[Given information Boundary: Start]
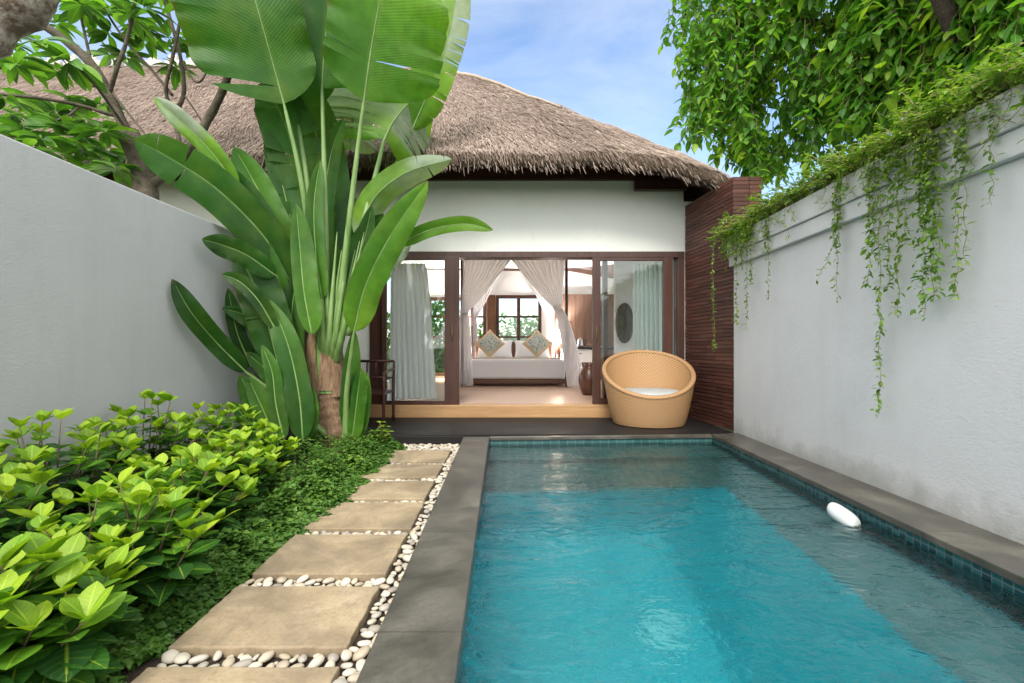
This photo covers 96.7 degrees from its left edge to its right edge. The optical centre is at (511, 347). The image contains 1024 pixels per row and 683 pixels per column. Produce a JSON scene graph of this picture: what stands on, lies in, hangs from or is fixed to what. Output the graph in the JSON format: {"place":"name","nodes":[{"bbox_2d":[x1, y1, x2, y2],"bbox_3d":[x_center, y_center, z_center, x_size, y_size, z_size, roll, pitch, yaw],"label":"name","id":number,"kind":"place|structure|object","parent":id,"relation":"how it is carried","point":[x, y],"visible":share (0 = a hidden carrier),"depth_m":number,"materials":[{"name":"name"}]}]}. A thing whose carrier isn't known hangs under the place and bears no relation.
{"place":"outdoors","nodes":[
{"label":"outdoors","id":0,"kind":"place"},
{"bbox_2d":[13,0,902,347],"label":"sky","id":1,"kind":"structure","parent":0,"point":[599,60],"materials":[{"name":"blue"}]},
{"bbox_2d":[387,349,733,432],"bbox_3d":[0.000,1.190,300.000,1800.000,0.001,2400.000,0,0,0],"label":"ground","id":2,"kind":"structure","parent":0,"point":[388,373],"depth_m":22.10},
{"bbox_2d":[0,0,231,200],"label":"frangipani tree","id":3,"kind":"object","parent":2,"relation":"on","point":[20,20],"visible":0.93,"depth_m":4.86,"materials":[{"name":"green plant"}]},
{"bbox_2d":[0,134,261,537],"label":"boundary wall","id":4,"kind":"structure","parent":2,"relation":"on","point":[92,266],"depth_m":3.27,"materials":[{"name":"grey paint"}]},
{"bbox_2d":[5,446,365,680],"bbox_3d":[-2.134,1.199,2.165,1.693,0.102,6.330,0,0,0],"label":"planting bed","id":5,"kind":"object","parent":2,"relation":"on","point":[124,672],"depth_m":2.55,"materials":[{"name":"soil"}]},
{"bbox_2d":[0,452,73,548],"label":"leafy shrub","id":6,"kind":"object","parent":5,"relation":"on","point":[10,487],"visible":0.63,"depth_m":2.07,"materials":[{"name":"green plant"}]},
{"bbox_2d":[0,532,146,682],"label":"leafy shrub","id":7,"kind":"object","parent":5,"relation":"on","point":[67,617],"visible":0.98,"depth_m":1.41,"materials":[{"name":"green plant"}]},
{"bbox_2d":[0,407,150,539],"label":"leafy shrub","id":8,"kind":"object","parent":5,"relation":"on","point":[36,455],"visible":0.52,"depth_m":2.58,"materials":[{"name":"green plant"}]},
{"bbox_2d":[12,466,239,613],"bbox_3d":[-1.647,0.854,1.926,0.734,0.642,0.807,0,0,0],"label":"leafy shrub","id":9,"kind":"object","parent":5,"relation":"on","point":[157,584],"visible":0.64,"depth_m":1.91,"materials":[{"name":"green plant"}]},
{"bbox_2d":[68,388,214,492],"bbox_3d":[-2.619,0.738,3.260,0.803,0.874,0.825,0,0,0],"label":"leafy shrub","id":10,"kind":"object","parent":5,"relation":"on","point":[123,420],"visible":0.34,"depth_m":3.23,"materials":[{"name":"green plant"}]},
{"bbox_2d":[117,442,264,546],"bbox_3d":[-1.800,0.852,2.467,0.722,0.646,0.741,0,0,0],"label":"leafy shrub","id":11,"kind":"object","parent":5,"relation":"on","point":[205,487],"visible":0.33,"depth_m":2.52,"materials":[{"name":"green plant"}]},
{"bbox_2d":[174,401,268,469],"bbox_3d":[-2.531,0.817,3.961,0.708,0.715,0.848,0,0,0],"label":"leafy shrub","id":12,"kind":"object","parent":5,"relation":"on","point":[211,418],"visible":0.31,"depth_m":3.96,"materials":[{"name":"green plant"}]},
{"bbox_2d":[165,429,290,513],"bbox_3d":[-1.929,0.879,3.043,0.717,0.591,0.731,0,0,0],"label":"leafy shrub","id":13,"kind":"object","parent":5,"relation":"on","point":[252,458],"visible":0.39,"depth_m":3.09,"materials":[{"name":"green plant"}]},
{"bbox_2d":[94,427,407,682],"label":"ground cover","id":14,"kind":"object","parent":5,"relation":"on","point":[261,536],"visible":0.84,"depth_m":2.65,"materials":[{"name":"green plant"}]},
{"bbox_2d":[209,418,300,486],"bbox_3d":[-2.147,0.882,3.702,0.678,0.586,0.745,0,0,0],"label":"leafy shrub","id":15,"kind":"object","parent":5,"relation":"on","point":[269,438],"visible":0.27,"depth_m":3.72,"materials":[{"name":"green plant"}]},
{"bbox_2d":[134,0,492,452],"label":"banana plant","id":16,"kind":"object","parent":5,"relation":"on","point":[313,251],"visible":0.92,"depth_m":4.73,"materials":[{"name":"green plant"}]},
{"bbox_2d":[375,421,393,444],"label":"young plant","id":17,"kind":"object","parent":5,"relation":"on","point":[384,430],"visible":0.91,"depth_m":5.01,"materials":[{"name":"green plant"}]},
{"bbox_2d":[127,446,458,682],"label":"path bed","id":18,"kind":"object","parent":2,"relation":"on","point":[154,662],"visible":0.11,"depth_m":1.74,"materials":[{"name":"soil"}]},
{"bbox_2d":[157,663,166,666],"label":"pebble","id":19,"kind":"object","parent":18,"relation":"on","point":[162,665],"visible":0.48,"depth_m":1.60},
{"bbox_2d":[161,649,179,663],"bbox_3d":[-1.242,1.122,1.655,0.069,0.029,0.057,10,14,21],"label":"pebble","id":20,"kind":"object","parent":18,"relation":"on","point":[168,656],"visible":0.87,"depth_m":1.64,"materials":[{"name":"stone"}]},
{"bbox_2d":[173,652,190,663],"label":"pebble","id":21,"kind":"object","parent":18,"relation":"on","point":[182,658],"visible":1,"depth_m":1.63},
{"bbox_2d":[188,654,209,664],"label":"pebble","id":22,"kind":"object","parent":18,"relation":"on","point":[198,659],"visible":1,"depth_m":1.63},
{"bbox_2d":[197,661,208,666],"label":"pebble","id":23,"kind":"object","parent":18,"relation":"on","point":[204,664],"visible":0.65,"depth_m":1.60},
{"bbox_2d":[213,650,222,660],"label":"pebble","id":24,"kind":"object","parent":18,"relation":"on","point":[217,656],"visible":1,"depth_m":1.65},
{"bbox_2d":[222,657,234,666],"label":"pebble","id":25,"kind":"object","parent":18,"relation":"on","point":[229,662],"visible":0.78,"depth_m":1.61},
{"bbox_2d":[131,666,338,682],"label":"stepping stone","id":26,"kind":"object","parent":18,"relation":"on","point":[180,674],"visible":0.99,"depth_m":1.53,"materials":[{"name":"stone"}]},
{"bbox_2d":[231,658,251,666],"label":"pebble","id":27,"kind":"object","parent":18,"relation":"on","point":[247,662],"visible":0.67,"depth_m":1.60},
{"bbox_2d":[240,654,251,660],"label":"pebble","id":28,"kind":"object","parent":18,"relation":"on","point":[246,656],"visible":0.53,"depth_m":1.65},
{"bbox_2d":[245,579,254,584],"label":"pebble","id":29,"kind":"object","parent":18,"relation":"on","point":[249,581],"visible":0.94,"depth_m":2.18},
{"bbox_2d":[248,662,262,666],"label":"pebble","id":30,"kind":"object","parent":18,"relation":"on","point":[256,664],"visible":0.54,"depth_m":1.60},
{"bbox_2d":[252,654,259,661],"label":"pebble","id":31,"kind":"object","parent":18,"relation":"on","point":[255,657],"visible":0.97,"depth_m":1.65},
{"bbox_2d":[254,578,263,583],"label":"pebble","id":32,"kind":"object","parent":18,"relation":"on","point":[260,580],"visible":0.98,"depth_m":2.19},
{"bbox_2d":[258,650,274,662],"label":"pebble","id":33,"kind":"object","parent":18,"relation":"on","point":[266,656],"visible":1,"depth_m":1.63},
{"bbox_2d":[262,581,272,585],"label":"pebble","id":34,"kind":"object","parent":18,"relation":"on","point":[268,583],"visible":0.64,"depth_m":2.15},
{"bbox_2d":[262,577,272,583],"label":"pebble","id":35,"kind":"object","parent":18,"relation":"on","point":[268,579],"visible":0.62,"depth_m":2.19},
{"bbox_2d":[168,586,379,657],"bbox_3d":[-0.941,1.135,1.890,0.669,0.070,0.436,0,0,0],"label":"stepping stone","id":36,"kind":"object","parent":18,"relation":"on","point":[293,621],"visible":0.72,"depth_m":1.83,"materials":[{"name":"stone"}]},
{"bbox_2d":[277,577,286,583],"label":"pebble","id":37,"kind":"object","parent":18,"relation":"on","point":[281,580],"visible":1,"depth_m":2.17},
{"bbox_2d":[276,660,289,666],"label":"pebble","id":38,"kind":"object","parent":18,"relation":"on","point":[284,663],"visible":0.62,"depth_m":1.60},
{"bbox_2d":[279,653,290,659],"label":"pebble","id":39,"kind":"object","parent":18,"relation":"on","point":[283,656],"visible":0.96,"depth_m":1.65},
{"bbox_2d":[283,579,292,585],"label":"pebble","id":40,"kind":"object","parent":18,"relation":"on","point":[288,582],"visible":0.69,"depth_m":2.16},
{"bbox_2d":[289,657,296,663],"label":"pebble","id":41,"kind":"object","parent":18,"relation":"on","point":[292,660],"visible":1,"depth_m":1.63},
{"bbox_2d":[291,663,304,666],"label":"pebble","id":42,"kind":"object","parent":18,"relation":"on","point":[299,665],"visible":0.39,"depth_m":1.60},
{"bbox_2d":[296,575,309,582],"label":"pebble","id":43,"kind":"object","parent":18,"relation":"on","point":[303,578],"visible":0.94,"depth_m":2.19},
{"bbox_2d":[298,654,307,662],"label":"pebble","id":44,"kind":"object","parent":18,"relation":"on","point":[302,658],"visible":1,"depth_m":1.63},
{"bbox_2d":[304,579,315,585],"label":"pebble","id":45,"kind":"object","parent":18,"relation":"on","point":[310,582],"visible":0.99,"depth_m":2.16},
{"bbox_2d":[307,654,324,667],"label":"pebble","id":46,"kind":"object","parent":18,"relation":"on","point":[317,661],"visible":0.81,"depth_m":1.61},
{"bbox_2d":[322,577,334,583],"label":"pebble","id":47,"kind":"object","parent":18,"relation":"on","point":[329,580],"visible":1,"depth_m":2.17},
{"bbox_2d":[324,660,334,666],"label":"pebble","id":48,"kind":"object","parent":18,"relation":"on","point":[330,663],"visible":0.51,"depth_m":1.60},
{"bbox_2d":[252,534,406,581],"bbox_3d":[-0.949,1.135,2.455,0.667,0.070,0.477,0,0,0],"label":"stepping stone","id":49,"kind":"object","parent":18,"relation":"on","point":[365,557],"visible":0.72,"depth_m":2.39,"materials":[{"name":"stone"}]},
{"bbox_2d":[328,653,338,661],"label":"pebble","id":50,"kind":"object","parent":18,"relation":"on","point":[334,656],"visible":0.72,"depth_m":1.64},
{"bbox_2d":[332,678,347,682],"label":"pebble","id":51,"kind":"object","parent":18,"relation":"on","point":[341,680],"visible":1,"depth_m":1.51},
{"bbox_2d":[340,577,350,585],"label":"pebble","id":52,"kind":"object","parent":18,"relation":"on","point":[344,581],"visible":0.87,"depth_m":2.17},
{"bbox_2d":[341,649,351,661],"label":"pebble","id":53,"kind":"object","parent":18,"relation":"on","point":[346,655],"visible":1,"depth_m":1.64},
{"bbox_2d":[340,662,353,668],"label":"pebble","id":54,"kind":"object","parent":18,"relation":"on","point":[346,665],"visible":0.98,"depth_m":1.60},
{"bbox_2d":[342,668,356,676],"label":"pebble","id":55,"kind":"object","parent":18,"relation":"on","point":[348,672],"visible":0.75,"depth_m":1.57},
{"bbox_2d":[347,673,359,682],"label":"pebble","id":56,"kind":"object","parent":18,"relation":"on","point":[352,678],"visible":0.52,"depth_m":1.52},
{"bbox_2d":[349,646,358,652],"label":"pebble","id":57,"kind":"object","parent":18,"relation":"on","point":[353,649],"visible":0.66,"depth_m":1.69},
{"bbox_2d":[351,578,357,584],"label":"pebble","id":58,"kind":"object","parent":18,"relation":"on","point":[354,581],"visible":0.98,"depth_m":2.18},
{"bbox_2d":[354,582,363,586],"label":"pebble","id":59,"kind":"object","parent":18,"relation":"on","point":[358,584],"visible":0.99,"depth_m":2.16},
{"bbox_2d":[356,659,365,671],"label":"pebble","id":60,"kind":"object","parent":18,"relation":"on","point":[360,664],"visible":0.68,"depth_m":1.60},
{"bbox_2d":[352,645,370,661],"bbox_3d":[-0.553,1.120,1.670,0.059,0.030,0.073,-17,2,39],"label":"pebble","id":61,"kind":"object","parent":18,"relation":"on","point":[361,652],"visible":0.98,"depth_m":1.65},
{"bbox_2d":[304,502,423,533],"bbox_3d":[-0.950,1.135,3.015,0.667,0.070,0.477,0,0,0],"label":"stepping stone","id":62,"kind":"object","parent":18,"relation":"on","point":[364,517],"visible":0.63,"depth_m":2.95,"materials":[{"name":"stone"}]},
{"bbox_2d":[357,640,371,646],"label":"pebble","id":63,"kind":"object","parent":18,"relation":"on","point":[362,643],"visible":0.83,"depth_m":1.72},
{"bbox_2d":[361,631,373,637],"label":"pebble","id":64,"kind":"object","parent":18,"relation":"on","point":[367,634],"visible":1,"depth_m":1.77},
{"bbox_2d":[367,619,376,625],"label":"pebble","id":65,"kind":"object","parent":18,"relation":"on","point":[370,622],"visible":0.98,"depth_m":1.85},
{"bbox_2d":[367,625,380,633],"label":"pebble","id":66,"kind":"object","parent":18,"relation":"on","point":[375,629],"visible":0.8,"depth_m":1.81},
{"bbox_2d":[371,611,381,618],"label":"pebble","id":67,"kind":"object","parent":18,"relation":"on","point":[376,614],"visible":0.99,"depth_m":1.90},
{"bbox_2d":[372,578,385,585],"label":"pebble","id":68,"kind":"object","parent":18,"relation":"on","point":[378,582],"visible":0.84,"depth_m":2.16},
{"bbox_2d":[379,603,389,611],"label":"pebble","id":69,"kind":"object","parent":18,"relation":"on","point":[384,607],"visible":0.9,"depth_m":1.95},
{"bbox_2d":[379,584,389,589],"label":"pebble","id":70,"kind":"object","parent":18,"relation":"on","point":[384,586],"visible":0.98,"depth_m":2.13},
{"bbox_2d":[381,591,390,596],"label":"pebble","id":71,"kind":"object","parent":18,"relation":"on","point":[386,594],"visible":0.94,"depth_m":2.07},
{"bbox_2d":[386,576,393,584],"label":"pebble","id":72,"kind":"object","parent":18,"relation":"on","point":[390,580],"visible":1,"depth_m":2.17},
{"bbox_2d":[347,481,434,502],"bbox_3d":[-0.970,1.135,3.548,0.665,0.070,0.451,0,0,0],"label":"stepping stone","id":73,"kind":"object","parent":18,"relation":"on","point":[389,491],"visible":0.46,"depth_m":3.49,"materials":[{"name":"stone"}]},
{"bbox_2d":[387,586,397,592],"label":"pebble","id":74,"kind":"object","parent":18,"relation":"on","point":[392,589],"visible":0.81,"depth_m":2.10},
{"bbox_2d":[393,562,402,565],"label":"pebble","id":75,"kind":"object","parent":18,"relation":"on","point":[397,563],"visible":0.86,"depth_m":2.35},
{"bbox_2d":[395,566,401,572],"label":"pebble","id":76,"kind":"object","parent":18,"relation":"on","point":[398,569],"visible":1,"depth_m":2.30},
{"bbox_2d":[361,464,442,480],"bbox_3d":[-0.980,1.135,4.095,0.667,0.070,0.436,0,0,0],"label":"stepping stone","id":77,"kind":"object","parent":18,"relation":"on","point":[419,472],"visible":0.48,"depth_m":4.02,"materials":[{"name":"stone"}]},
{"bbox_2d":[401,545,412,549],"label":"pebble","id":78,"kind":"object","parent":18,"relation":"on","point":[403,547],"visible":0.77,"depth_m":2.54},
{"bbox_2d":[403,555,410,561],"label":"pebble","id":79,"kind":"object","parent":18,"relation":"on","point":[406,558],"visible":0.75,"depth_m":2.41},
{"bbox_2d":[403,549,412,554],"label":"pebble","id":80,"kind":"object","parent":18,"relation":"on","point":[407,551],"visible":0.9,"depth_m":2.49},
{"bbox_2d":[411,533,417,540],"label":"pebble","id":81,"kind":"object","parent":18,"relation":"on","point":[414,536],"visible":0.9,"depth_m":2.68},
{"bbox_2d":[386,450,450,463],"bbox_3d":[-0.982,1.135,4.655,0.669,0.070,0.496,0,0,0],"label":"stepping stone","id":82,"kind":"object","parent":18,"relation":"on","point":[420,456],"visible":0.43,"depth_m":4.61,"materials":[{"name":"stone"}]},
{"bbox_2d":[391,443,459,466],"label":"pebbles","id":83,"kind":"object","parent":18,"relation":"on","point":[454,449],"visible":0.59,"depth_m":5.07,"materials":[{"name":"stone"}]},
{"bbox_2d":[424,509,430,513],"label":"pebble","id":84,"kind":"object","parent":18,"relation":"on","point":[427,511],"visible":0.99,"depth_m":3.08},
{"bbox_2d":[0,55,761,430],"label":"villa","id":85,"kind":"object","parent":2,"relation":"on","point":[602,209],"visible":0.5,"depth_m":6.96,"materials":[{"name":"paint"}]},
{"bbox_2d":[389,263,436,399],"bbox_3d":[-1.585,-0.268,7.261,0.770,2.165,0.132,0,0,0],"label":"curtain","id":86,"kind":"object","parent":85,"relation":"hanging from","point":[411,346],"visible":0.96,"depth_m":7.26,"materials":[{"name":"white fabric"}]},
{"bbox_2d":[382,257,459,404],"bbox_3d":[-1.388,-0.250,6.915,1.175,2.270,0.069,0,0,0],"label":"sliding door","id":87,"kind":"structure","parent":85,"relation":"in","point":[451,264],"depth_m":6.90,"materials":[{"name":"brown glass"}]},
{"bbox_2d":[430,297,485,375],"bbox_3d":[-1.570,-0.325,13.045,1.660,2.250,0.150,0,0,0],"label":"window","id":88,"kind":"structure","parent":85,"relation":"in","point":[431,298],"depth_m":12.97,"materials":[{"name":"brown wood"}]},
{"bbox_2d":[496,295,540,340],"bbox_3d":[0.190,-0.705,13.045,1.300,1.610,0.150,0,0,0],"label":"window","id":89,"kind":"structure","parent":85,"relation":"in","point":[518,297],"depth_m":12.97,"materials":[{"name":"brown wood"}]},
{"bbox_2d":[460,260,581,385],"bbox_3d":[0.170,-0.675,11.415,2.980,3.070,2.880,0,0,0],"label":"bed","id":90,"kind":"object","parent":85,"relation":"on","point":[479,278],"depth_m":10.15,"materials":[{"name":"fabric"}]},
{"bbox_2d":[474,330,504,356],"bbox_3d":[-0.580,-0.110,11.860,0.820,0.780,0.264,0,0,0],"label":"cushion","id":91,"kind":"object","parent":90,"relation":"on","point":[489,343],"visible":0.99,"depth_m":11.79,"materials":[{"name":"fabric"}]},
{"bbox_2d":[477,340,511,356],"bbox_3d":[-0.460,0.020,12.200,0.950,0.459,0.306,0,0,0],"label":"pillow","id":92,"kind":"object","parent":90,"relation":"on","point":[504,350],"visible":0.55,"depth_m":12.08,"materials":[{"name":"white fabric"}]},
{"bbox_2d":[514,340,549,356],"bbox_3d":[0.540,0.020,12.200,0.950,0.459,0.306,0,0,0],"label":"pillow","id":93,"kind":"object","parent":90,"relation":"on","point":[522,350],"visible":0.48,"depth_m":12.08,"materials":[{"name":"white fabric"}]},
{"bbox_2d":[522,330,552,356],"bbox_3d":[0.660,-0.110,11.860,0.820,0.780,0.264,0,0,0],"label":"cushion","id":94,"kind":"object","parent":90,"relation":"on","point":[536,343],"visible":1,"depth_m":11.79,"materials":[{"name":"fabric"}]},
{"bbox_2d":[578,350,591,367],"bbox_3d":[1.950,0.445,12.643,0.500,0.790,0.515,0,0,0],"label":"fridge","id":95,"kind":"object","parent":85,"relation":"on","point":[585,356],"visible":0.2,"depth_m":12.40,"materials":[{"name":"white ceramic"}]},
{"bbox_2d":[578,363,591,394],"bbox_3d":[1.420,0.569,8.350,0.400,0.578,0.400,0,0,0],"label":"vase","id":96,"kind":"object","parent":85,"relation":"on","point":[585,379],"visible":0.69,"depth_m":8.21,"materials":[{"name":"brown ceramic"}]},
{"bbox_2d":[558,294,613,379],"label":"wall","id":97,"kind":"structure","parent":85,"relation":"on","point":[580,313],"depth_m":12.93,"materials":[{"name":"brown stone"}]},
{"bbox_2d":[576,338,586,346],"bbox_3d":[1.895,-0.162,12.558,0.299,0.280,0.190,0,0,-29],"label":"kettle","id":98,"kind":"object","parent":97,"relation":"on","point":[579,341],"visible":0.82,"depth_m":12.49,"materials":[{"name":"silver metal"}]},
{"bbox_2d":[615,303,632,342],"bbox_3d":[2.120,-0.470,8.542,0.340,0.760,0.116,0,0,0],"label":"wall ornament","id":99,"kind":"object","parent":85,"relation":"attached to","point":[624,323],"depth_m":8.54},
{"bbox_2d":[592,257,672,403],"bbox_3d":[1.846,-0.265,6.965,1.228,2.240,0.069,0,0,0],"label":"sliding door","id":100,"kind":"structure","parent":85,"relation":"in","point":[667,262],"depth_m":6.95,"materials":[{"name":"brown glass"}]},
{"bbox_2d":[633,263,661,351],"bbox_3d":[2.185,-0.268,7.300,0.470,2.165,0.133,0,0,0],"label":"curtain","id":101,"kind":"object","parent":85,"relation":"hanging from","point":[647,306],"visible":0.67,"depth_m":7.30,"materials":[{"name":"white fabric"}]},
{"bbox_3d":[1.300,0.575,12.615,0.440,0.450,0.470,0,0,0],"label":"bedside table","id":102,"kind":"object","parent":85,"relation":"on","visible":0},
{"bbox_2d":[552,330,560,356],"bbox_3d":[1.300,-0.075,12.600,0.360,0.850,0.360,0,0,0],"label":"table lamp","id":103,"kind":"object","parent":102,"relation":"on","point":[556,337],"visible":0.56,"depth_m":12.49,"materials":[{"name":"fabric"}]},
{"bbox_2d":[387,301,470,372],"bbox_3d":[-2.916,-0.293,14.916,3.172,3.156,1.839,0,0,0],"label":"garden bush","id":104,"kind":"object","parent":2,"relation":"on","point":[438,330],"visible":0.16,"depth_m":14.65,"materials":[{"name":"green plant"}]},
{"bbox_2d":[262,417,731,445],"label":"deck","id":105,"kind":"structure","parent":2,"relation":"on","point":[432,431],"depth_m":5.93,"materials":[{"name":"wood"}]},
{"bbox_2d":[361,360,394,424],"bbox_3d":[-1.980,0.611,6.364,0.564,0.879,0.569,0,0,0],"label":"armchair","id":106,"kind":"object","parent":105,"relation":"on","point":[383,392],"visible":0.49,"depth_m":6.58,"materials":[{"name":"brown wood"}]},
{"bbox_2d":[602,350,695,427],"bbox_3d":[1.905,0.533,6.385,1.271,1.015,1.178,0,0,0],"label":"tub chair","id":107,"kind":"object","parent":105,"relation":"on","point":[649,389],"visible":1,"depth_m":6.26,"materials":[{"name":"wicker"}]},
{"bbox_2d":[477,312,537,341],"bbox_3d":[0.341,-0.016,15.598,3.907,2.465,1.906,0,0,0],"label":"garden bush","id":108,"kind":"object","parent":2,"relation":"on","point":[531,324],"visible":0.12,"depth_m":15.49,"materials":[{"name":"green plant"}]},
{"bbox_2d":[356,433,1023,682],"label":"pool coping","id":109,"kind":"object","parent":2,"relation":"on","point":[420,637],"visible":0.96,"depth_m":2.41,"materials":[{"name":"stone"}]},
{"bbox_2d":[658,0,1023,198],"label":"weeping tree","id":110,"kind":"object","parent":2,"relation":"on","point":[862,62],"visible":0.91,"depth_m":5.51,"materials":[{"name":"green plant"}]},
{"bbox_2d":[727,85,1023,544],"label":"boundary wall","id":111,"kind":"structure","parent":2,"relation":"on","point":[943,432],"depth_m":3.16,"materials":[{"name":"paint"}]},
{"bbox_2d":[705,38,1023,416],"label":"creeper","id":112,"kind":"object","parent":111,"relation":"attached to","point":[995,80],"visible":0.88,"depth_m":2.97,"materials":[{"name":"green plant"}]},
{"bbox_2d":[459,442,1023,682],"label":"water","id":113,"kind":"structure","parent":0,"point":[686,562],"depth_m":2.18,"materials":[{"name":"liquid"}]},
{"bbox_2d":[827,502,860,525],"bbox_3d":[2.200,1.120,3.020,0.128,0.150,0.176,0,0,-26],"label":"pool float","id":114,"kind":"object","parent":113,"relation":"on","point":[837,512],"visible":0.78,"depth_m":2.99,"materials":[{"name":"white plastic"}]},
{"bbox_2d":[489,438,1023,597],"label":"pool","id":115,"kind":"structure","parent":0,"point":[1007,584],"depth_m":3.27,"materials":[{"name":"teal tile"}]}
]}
[Given information Boundary: End]
• What this task involves: What is the number of lines in the listing above that contain the word "outdoors"? Reply with that number alone.

• Completed task: 2